The closest anyone came to victimhood was the owner of a local metal fabricator who didn’t appreciate the timing or the tone of recent government inspectors, but he also acknowledged how the rules being enforced (however snippily) were important for the safety and financial security of his workers.
If anything, the people of Chippewa Falls displayed a tacit understanding that power placed in careless hands is more likely to create actual victims of government. Taxpayers are victimized when their money is wasted, whether it’s on unproductive tax breaks, unneeded weapons systems, unaccountable voucher schools or privatizing the state’s economic development programs.
Hard-working families are victimized when Congress ignores a jobs crisis or fails to address the red tape that chokes a small business or a disabled person seeking assistance. And we hurt future generations when government fails to stop the pollution that comes through intent or incompetence.

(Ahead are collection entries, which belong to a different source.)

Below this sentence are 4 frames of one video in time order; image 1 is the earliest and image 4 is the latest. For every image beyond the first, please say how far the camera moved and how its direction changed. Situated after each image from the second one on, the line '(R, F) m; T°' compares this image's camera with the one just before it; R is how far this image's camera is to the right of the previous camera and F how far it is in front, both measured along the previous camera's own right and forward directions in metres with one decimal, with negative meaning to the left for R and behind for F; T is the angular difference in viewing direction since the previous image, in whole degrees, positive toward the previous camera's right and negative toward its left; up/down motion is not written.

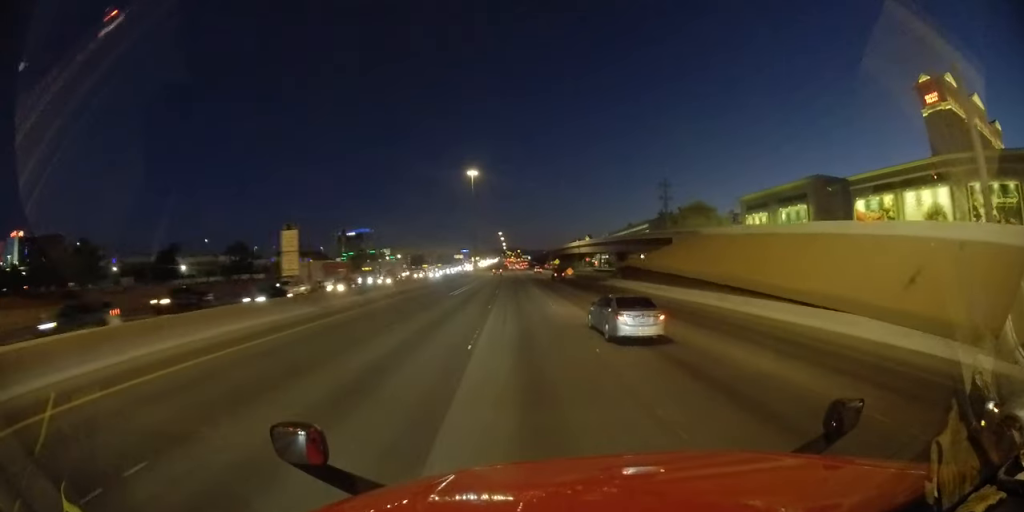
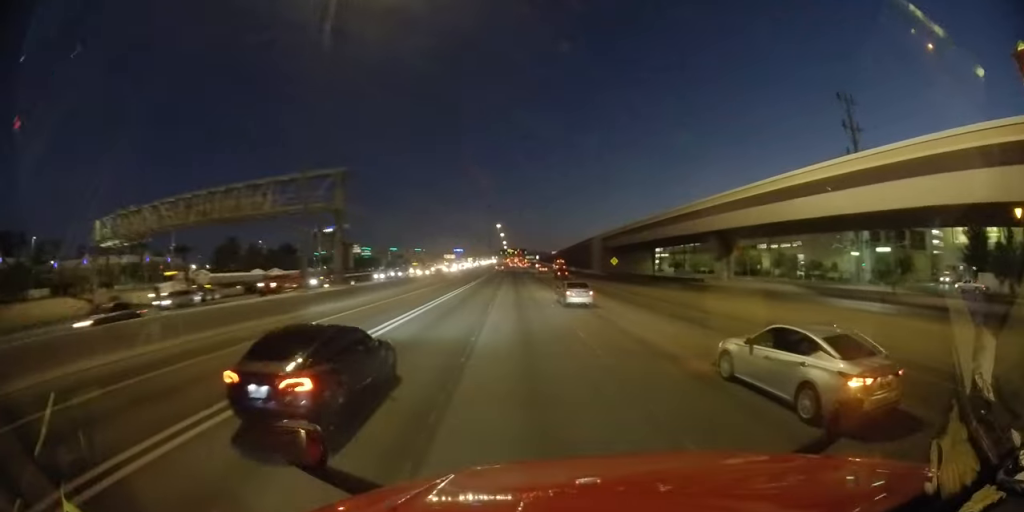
(0.0, +107.9) m; 0°
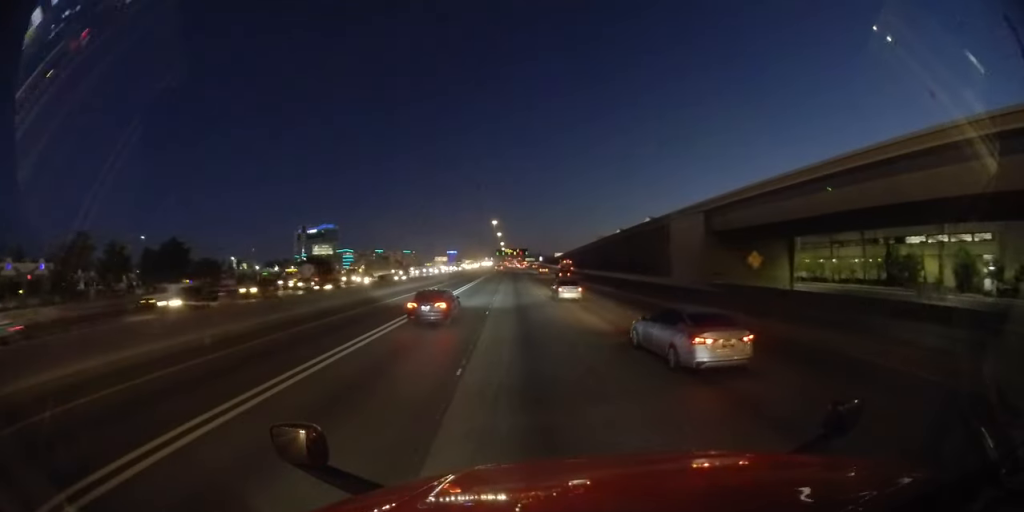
(0.0, +52.2) m; 0°
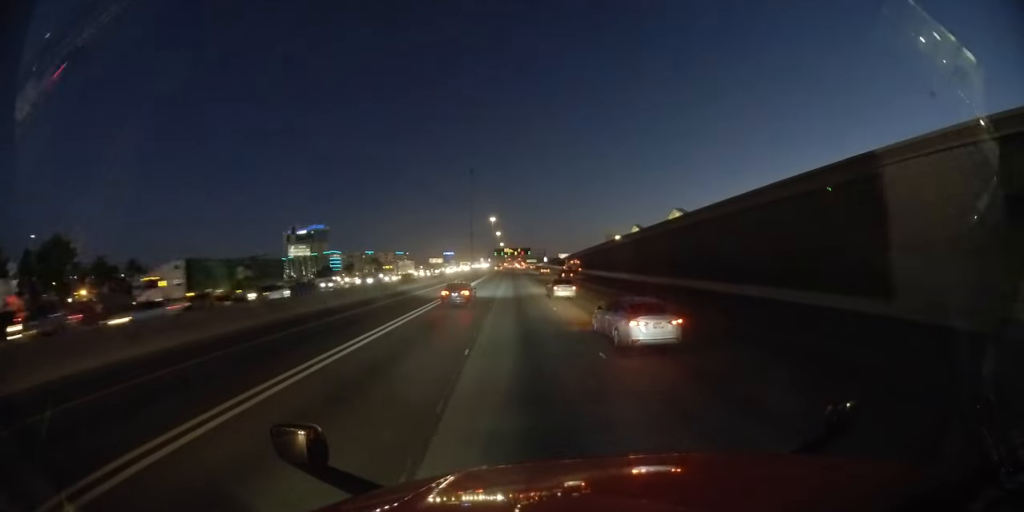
(0.0, +34.2) m; 0°
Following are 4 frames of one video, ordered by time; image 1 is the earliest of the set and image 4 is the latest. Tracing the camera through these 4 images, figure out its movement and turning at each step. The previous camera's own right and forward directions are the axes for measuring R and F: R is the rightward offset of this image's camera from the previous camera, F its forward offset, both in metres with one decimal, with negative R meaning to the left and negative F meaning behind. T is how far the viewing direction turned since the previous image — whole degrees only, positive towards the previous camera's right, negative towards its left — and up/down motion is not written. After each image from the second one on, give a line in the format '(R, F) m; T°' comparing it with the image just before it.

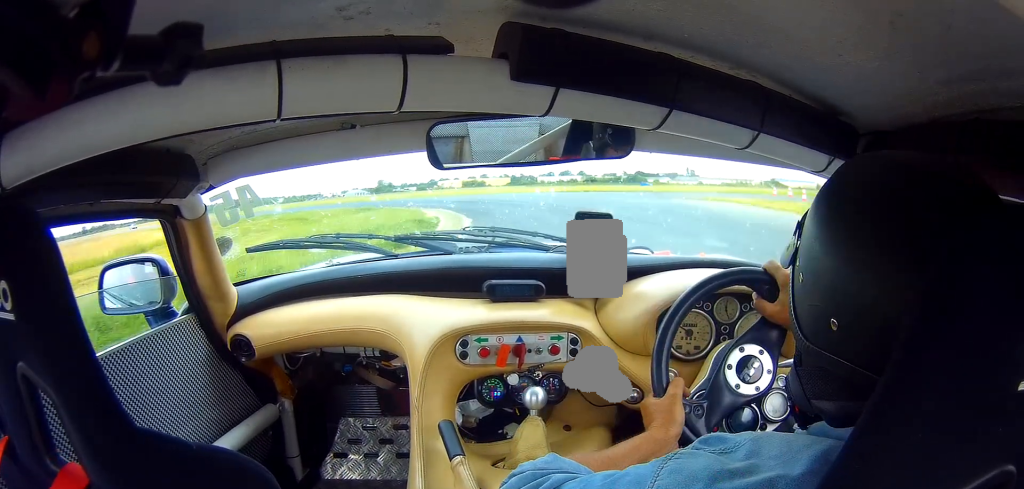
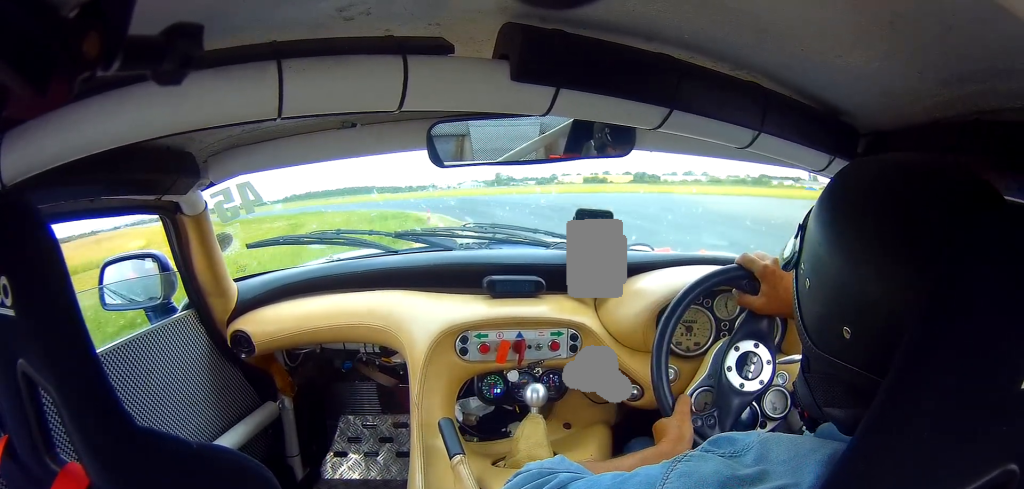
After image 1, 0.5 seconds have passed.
(-0.6, +14.5) m; -8°
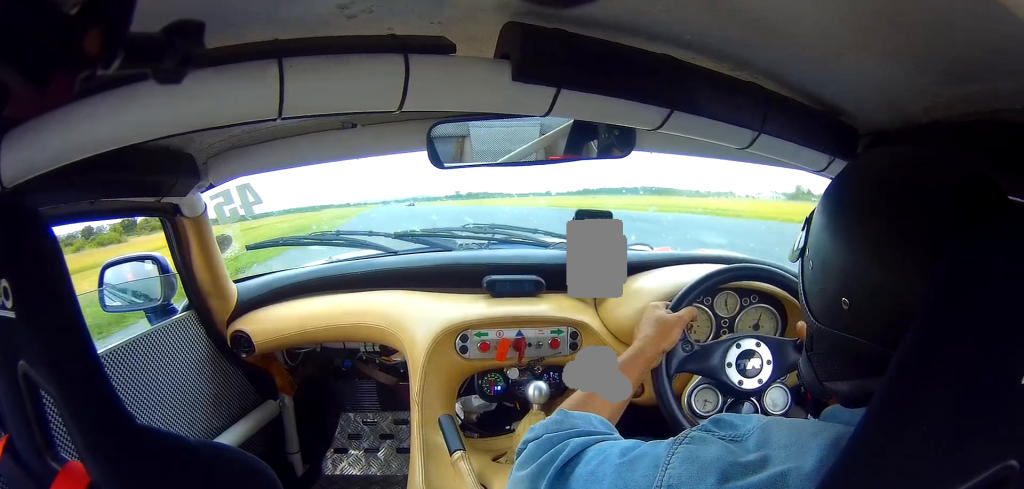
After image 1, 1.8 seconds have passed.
(-7.2, +37.2) m; -24°
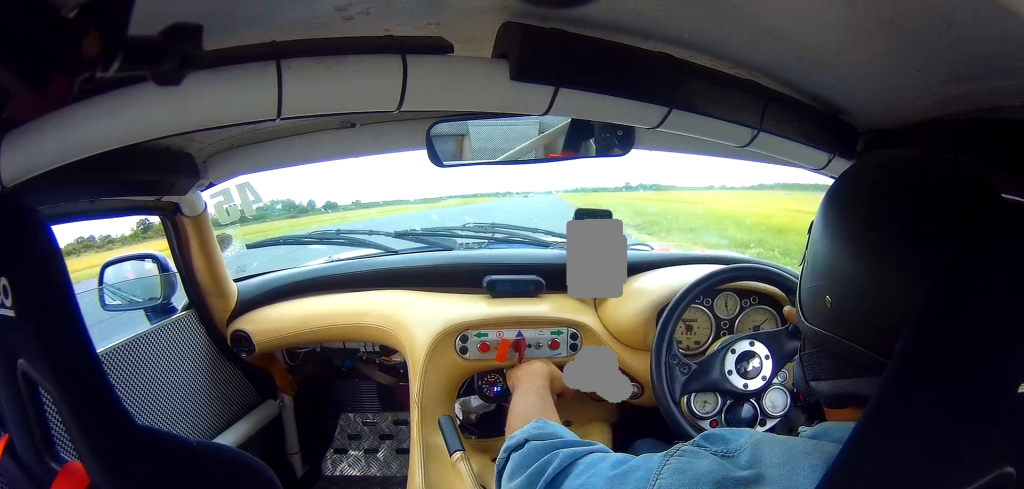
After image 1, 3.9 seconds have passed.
(-13.1, +70.5) m; -13°

Government doesn’t just protect borders; it protects people, not from their own bad decisions but certainly from terrible circumstances. Protecting hard workers, students, the sick, the old and the young from becoming actual victims is getting harder. however, when they’re targeted by a growing group of martyrs who also happen to be drawing a government paycheck.
Pat Kreitlow of Eagle Point is a former state senator, congressional candidate and journalist at WEAU-TV and WAXX-WAYY Radio.